To reflect on these results, it is essential to highlight that the previously reported findings for DeePiCt and DeepFinder were based on models trained with 8 out of 10 fully annotated tomograms, containing approximately 20,000 ribosome annotations20. Hence, previous evaluations were conducted on 2 out of 10 tomograms, for annotating the remaining 5000 ribosomes, utilizing three cross-validation splits (in each split, a random set of 8 tomograms was used for training and the remaining 2 tomograms for benchmarking). Additionally, each of the two models underwent a different training strategy to achieve optimal performance. In particular, in the case of DeepFinder, the training encompassed two classes—ribosomes and Fatty Acid Synthase (FAS)—as training solely on ribosomes led to suboptimal performance. On the other hand, DeePiCt was exclusively trained on ribosomes, as unlike DeepFinder, combining ribosomes and FAS during training led to suboptimal performance.
In contrast, the DeepFinder model trained solely on the simulations generated from the Template Learning workflow, not fine-tuned on any annotated experimental data, was benchmarked on the complete dataset (i.e., all 10 tomograms). Hence, despite the relatively modest increase in the F1 score for the Template Learning method (0.85, compared to the previous best of 0.83), it stands as a demonstration that deep learning can be trained effectively for picking a target structure, starting from only prior templates, and domain-randomized simulations. Also, a model of the same network architecture (DeepFinder) trained only on simulations outperforms its counterpart trained only on annotated experimental datasets for cryo-ET particle picking.
To systematically assess the contribution of each component of the Template Learning workflow, we performed a series of ablation and variation experiments, as detailed in the Supplementary Materials – Template Learning variations and Supplementary Notes 3 and 4. These analyses revealed that both incorporating multiple atomic structures and generating flexible molecular variations enhance annotation performance, and that introducing artificial flexible variations can partially compensate for the absence of multiple templates (Fig. 4A–C compared to Fig. 4D and Supplementary Fig. 3). The comparative impact of these design choices is illustrated by recall, precision, and F1 score. The inclusion of a diverse set of distractor molecules was found to be critical for high precision in particle picking; omitting or restricting distractor variability substantially increased false positive rates (Fig. 4E, F). Furthermore, simulating densely crowded environments via the Tetris algorithm (Supplementary Fig. 4) was essential, as reducing crowding in training simulations led to a marked drop in median F1 score (Fig. 4G). We also validated the use of low-resolution volumetric templates by developing a real-time conversion to pseudoatomic models compatible with physics-based simulations; this approach enabled training with reasonable recall, albeit at the expense of some precision (Fig. 4H). In addition, Template Learning could be readily adapted to different imaging domains, such as VPP and conventional defocus (DEF), and offered improved performance on cross-domain tasks compared to previous approaches (Fig. 5 and Supplementary Fig. 5).
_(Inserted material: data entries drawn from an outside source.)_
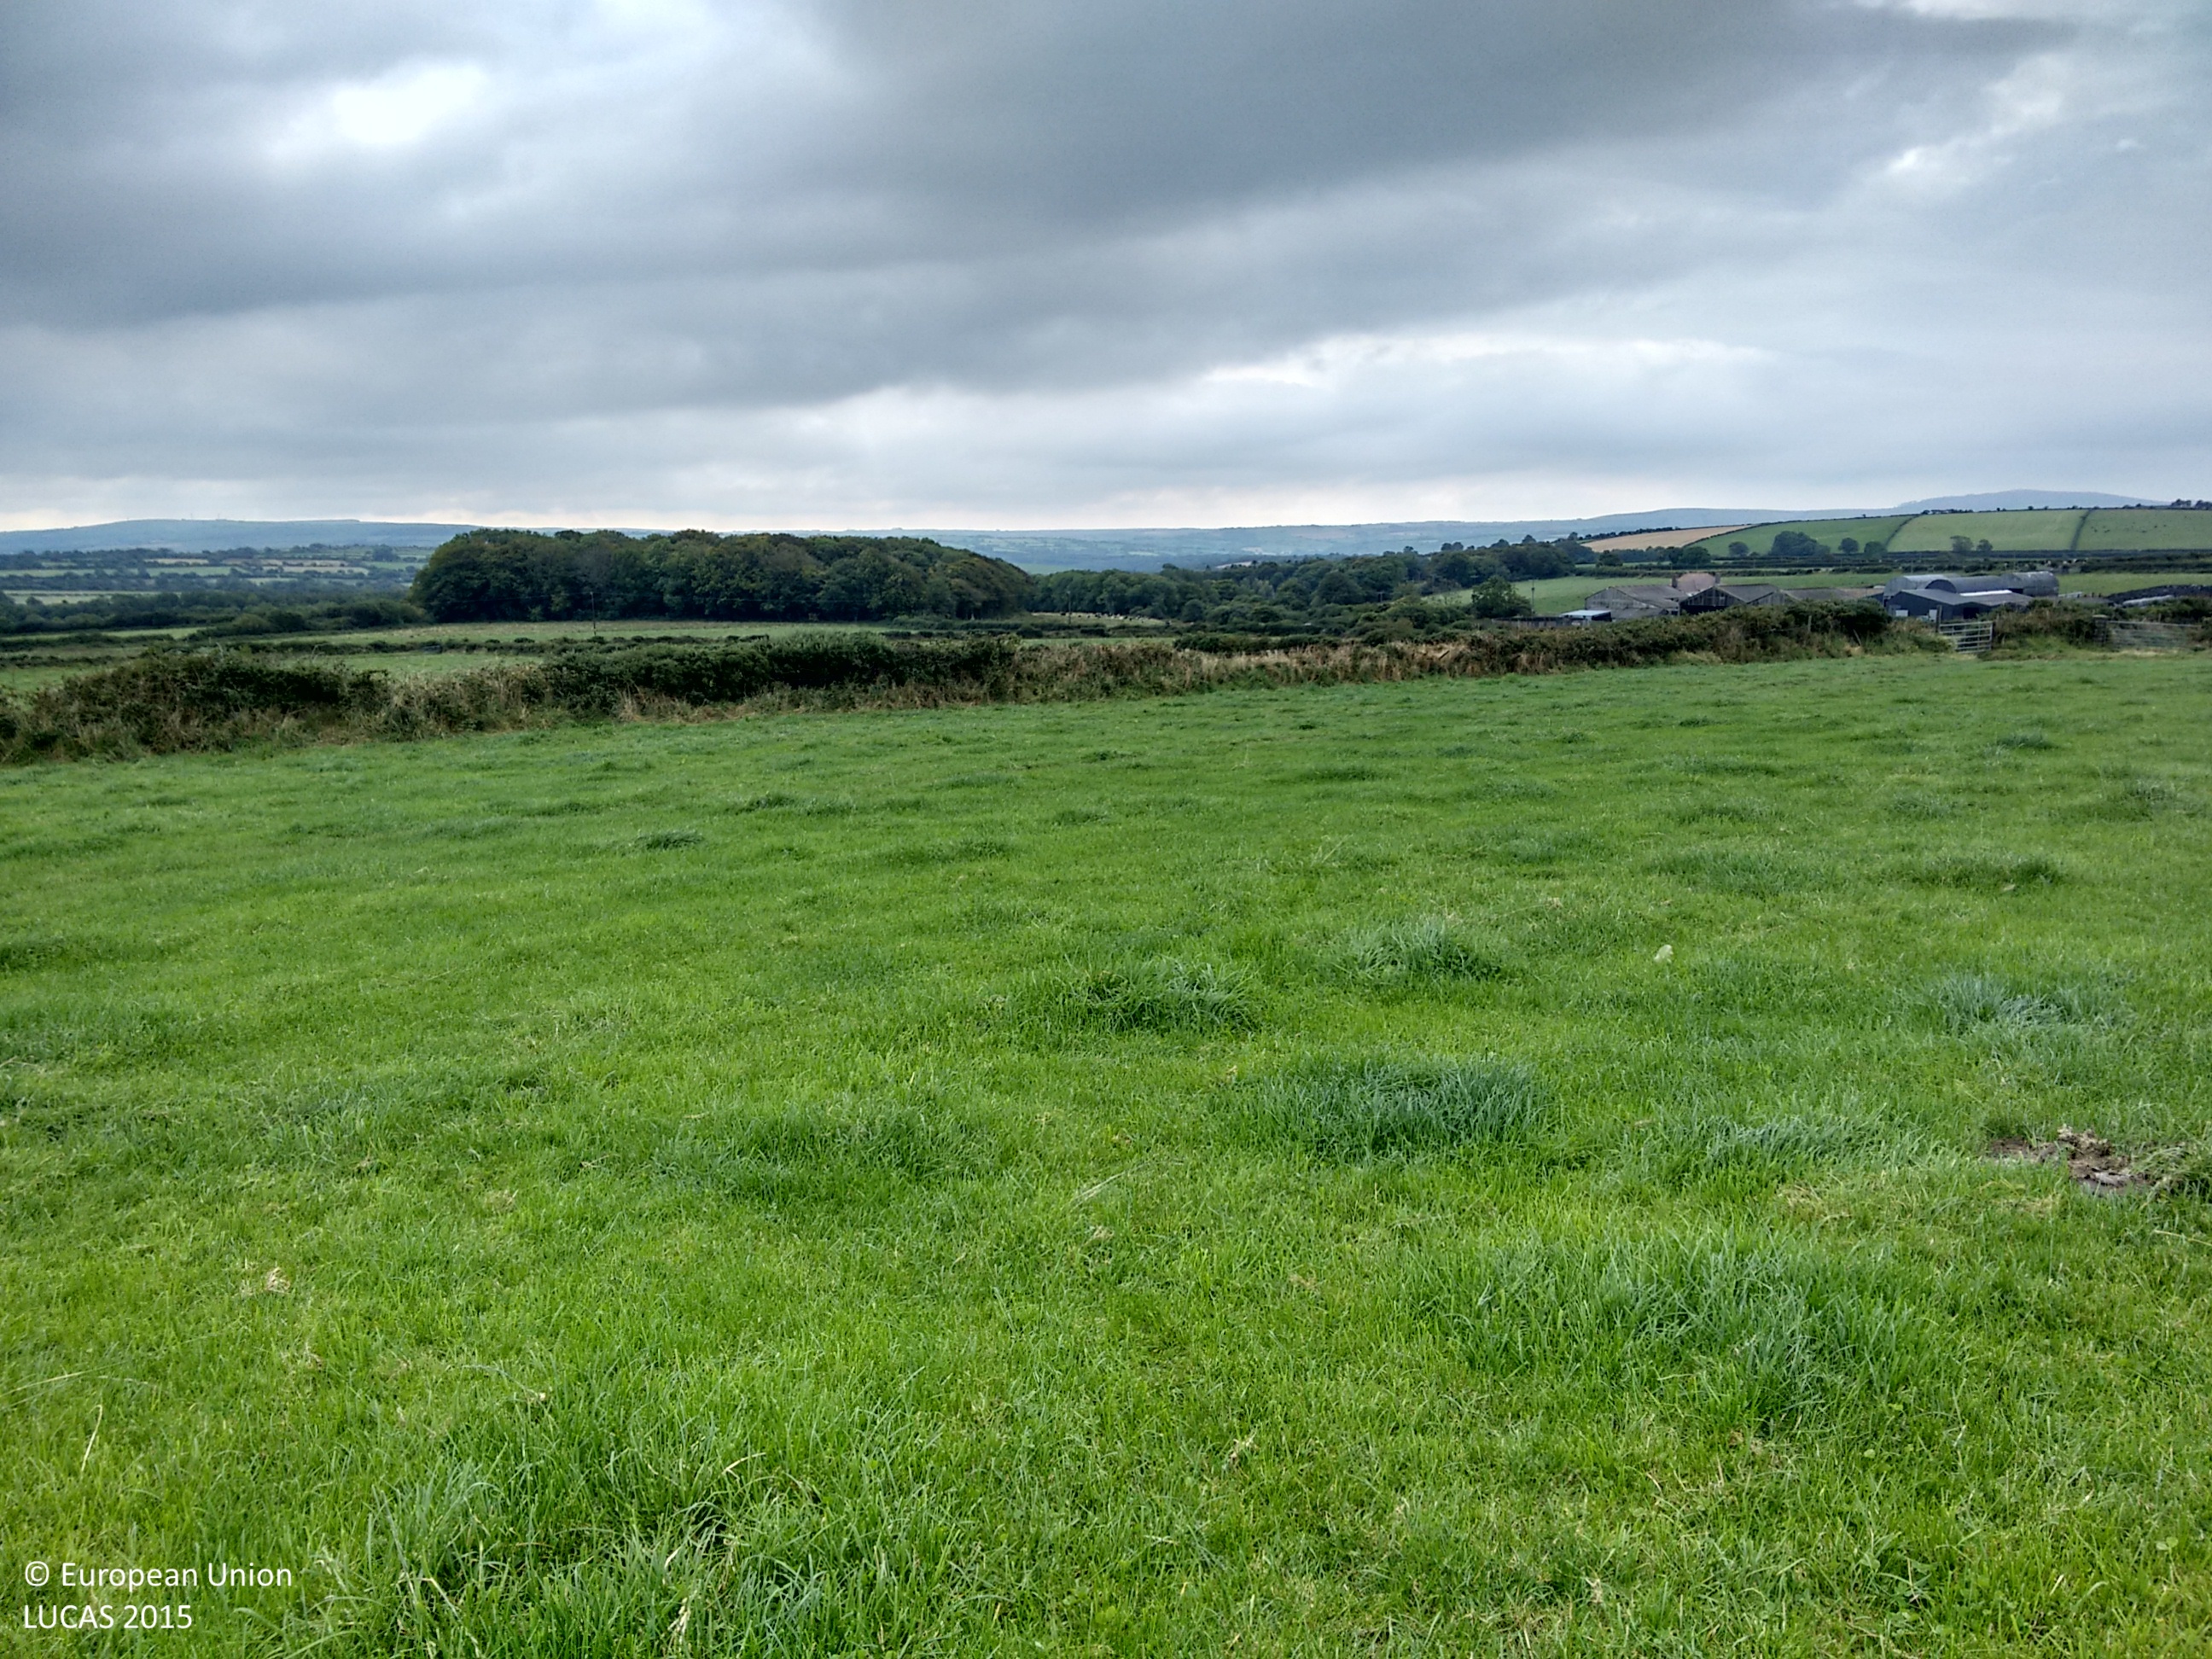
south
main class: Grassland
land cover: Grassland without tree/shrub cover
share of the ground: > 75 %
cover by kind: herbaceous plants 100 %
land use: Agriculture (excluding fallow land and kitchen gardens)
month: September
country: GB
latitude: 52.0969
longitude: -4.5433
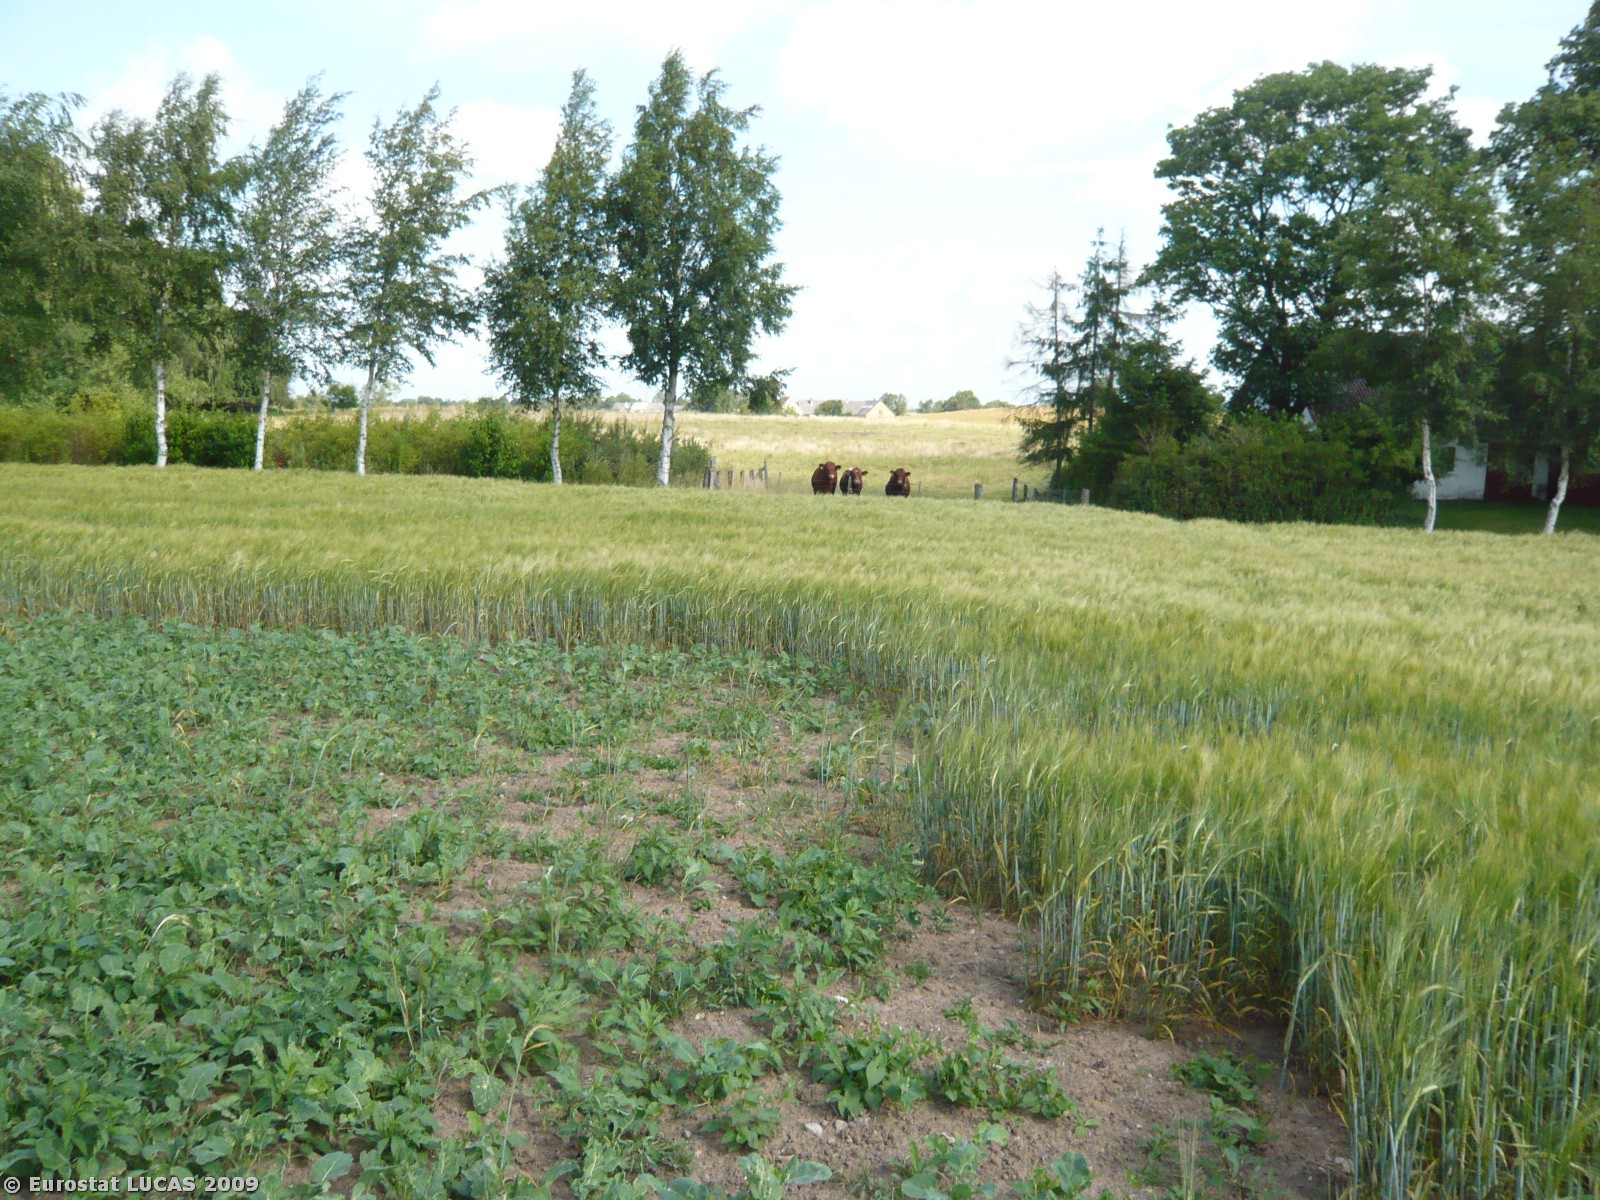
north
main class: Cropland
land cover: Barley
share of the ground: 25 - 50 %
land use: Agriculture (excluding fallow land and kitchen gardens)
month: July
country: DK
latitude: 55.6564
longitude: 11.6038
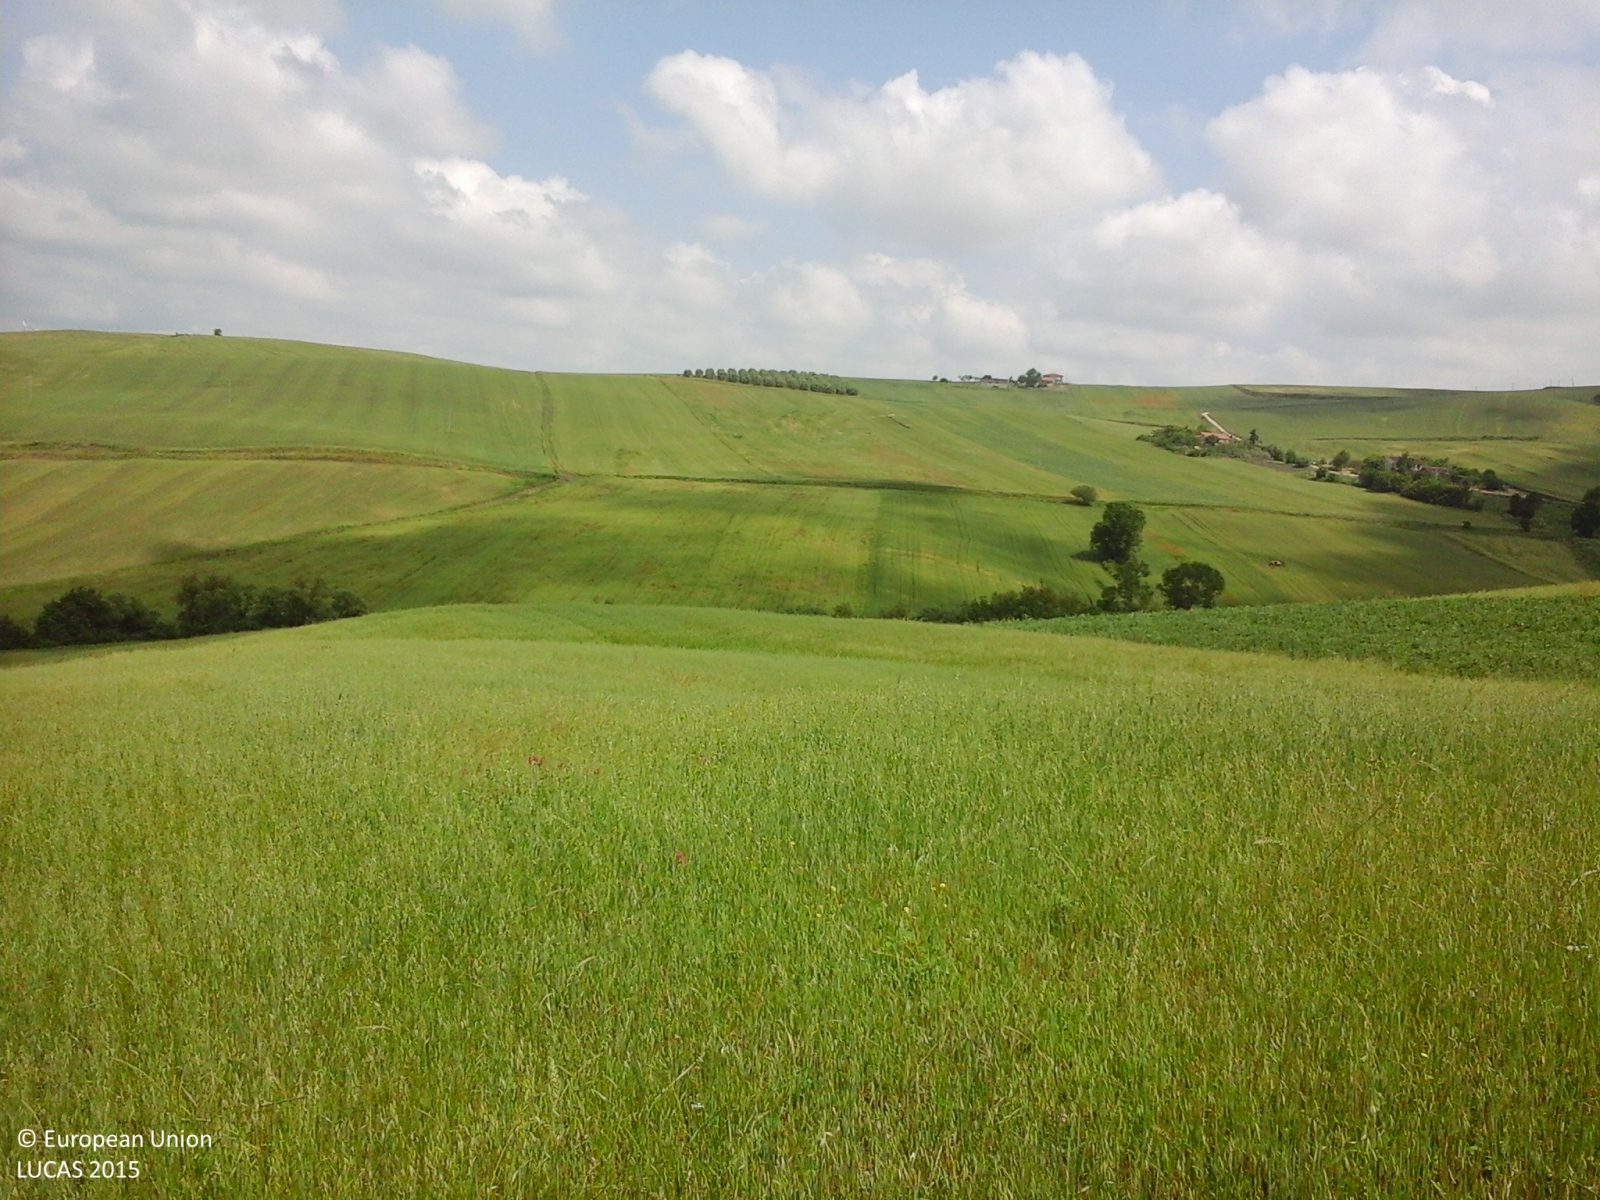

Performance benchmarking and comparative analysis of Template Learning workflow applied to ribosome annotations within the S. pombe dataset (EMPIAR-10988, 10 DEF tomograms). A,B The curves depict the overall Precision and Recall against the volume of the segmented region (horizontal axis). Precision is evaluated with and without cytosol masking (±mask). Boxplots show the F1 score per tomogram at the threshold where the Precision and Recall curves intersect, which coincides with the highest overall F1 score. Performance in all these experiments was evaluated on n = 10 independent tomograms from S. pombe in a single experiment, acknowledging that models trained solely on simulated data yield deterministic results on experimental data, making repeated identical evaluations unnecessary. Box plot middle lines mark the mean value and the edges indicate the 25th and 75th percentiles; whiskers indicate the range of existing data (no outliers were removed). C On the top, a table listing the differences between the experiments in (A,B), comparing their results based on their median F1 scores. On the bottom, previously reported performance based on the findings in ref. 20.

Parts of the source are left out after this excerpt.